# HO scale pinstripe decals???



## lenny (Feb 29, 2000)

Does anyone know of a source for HO scale pinstripe decals?

Dan


----------



## 22tall (Jul 28, 2002)

Hi Dan, http://members.optusnet.com.au/pattosplace/ I suggest getting stripes for HO, 1/43 and maybe 1/32 scale. The smallest stripes on the HO sheet are a total waste IMO. They are too close to cut apart and even if you could they are so narrow and fragile I couldn't deal with them. Nimble fingers could probably use the second smallest ones. Good luck.

Steve


----------



## lenny (Feb 29, 2000)

Thanks, Steve.


----------



## SwamperGene (Dec 1, 2003)

Dan if you just need it for yourself an easy trick is to sandwich two x-acto blades in the holder, then you can cut near hairline-thin pieces out of automotive pinstriping. I do this to trim out the window frames in Lexan bodies, it looks awesome and is super easy to apply.


----------



## lenny (Feb 29, 2000)

SwamperGene said:


> Dan if you just need it for yourself an easy trick is to sandwich two x-acto blades in the holder, then you can cut near hairline-thin pieces out of automotive pinstriping. I do this to trim out the window frames in Lexan bodies, it looks awesome and is super easy to apply.
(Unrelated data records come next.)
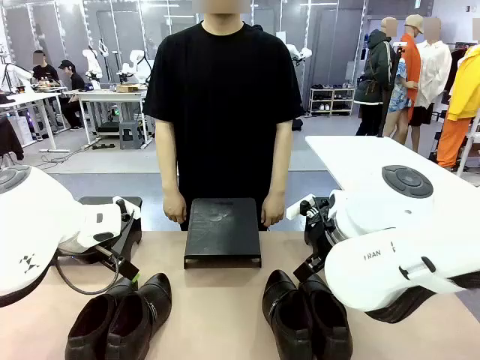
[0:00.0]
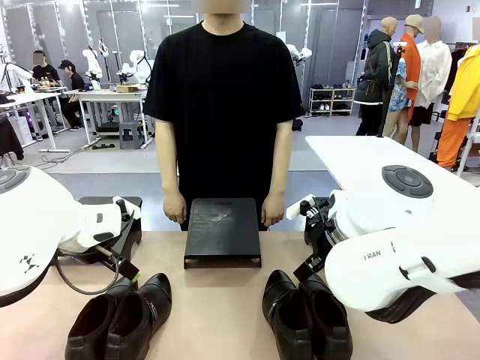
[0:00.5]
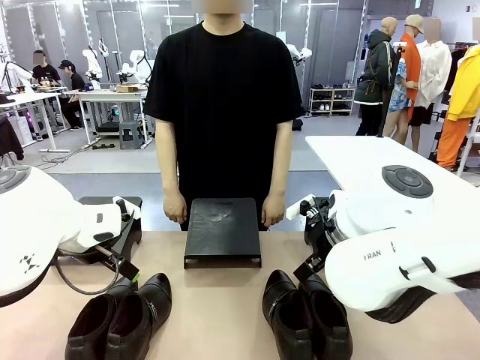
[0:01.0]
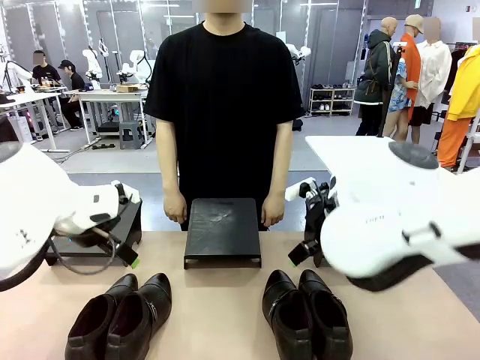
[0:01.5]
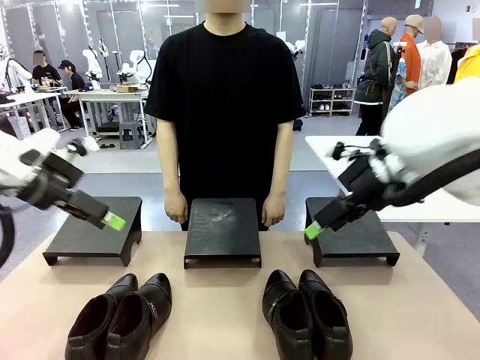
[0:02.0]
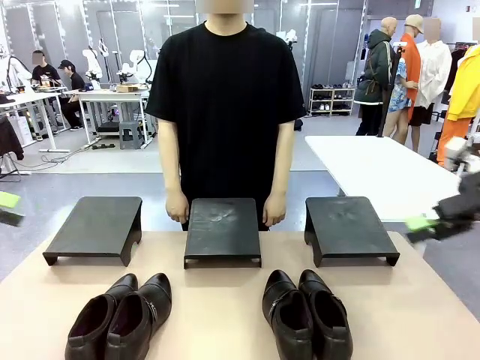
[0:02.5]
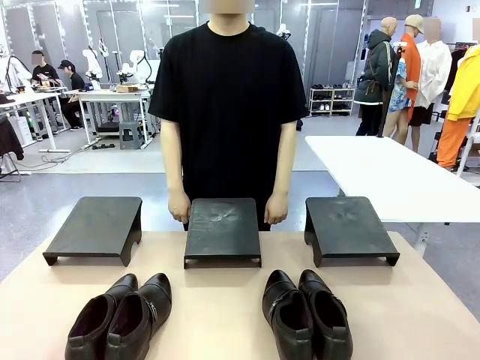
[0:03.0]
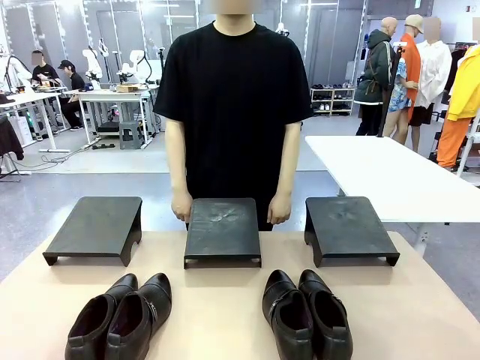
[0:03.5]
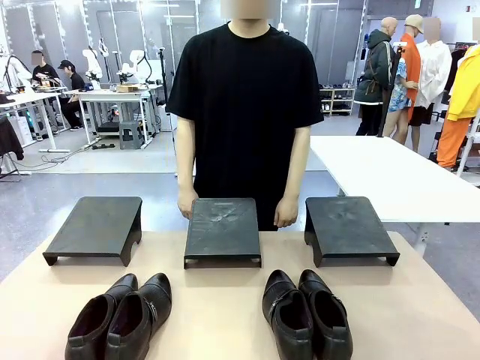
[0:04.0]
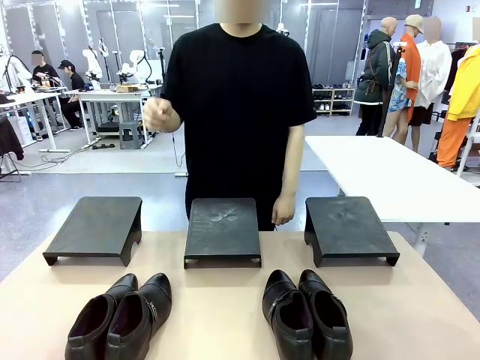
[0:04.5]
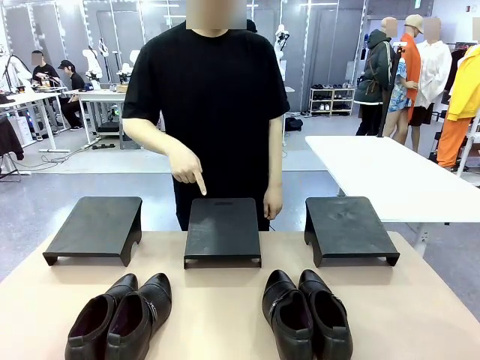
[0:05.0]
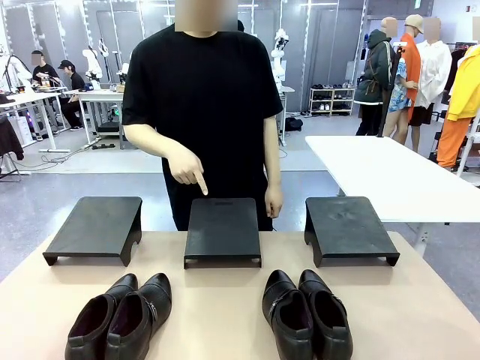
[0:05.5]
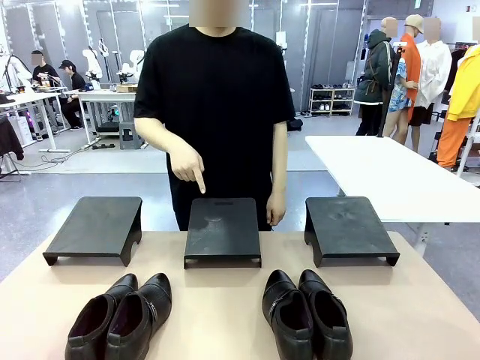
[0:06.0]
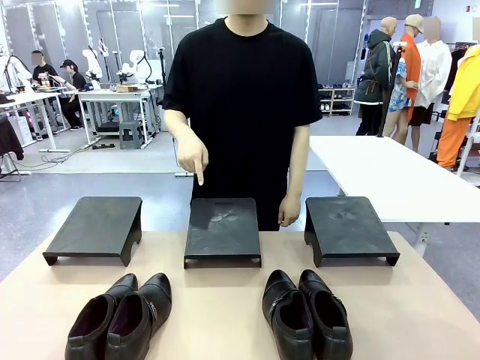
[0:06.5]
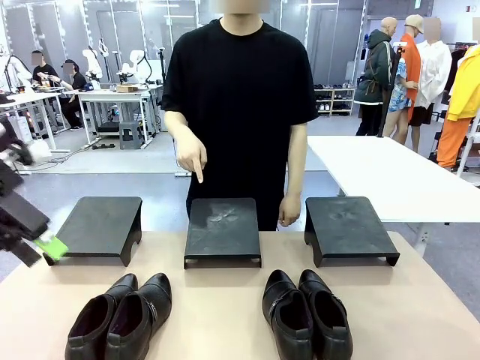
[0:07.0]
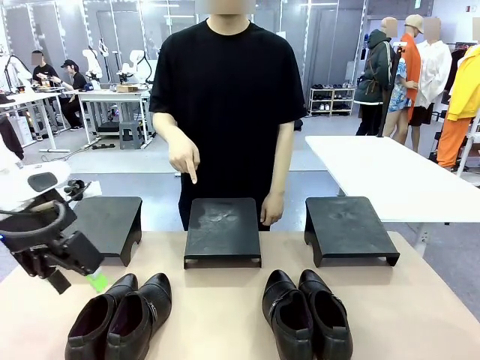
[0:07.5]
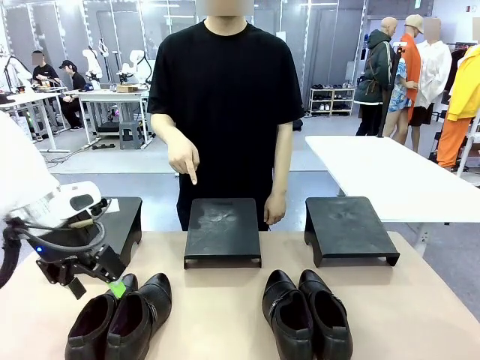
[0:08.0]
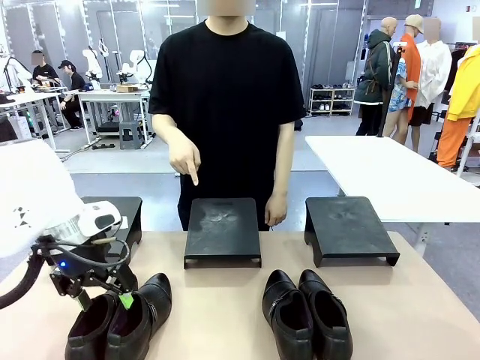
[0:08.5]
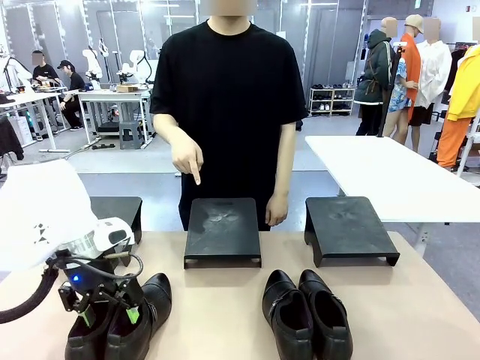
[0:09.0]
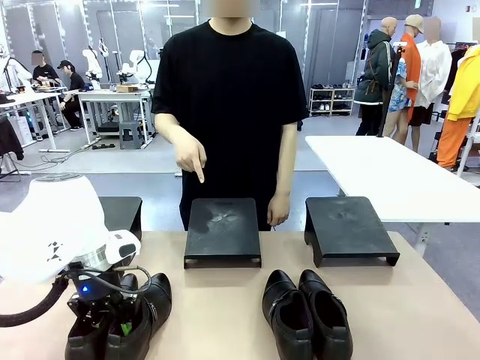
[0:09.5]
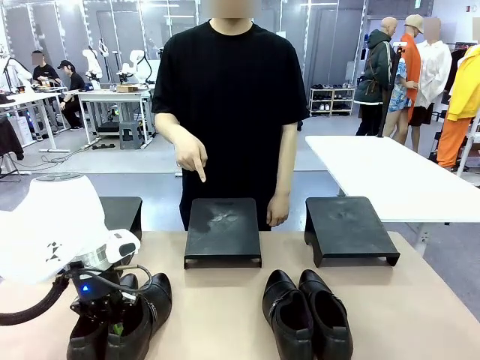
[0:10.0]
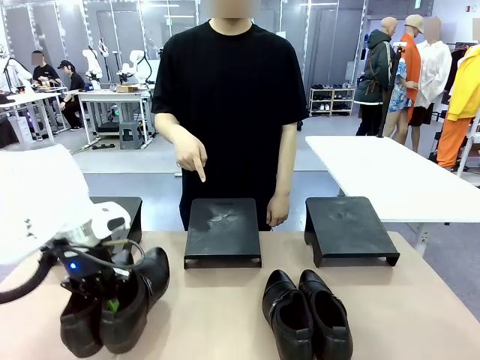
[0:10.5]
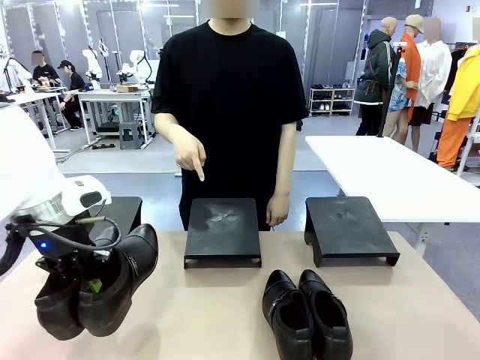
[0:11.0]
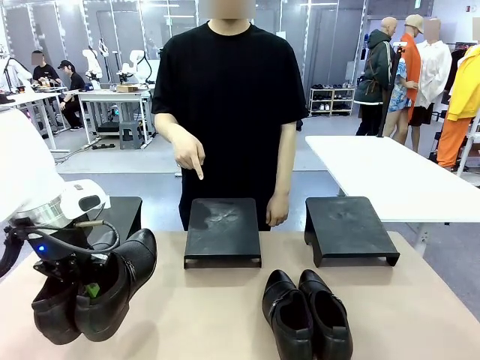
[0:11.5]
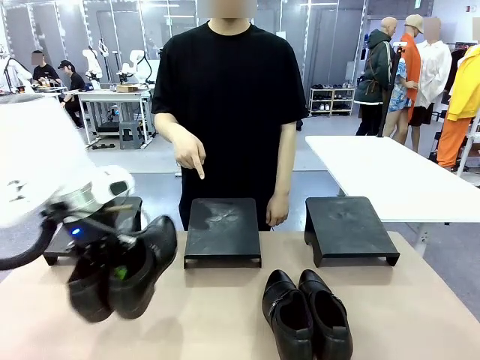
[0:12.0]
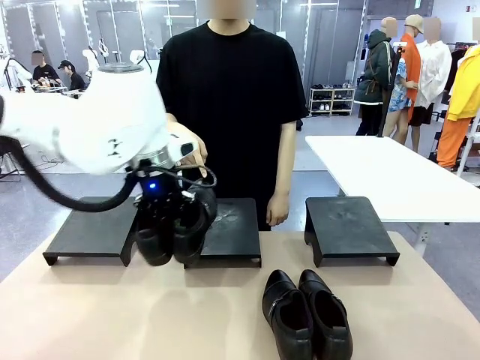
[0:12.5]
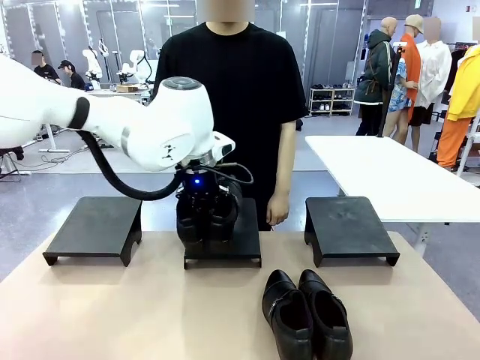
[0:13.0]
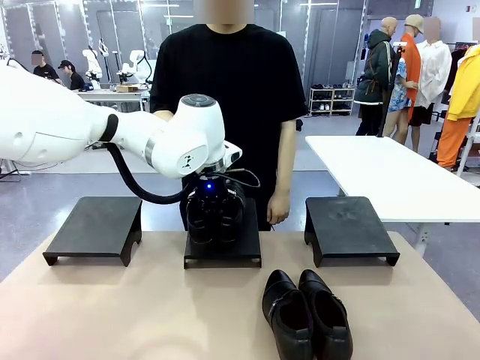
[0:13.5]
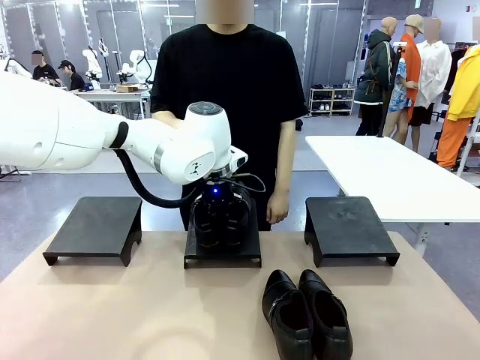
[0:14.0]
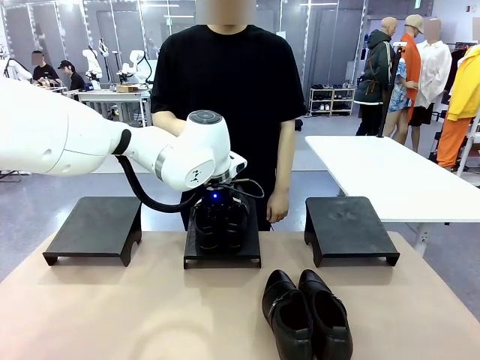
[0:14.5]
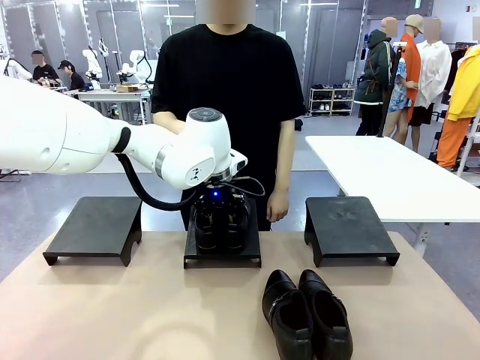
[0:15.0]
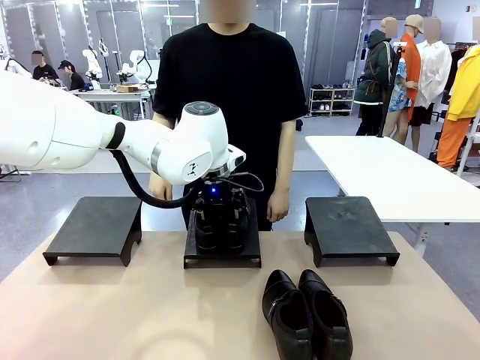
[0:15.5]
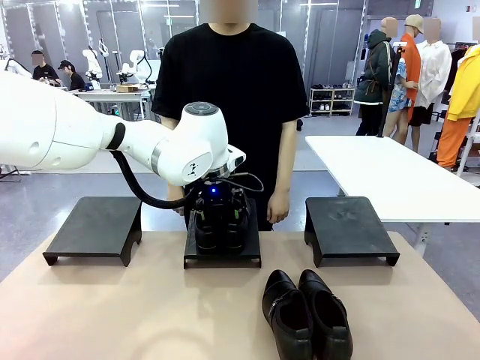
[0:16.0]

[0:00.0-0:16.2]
Task: Place the shoes on the stand as instructed by the person.
Robot: Pick up one pair of Shoes and place it on the Shoes Stand indicated by the person.

 Thanks, Gene. I was actually looking for them for some Lead Sled samples I was working on for the factory...


----------



## sethndaddy (Dec 4, 2004)

LEAD SLED SAMPLES.........PINSTRIPING.........I'M LIKING WHAT I'M HEARING and I cannot wait to preorder these babies.
thanks Dan.


----------



## lenny (Feb 29, 2000)

sethndaddy said:


> LEAD SLED SAMPLES.........PINSTRIPING.........I'M LIKING WHAT I'M HEARING and I cannot wait to preorder these babies.
> thanks Dan.


 Don't be disappointed if pinstripes aren't in the first release...


----------



## Marty (Oct 20, 1999)

If you can't get pinstripes, how about


"Praise the Lowered"

on the quarter panels or maybe on the trunk?

Marty


----------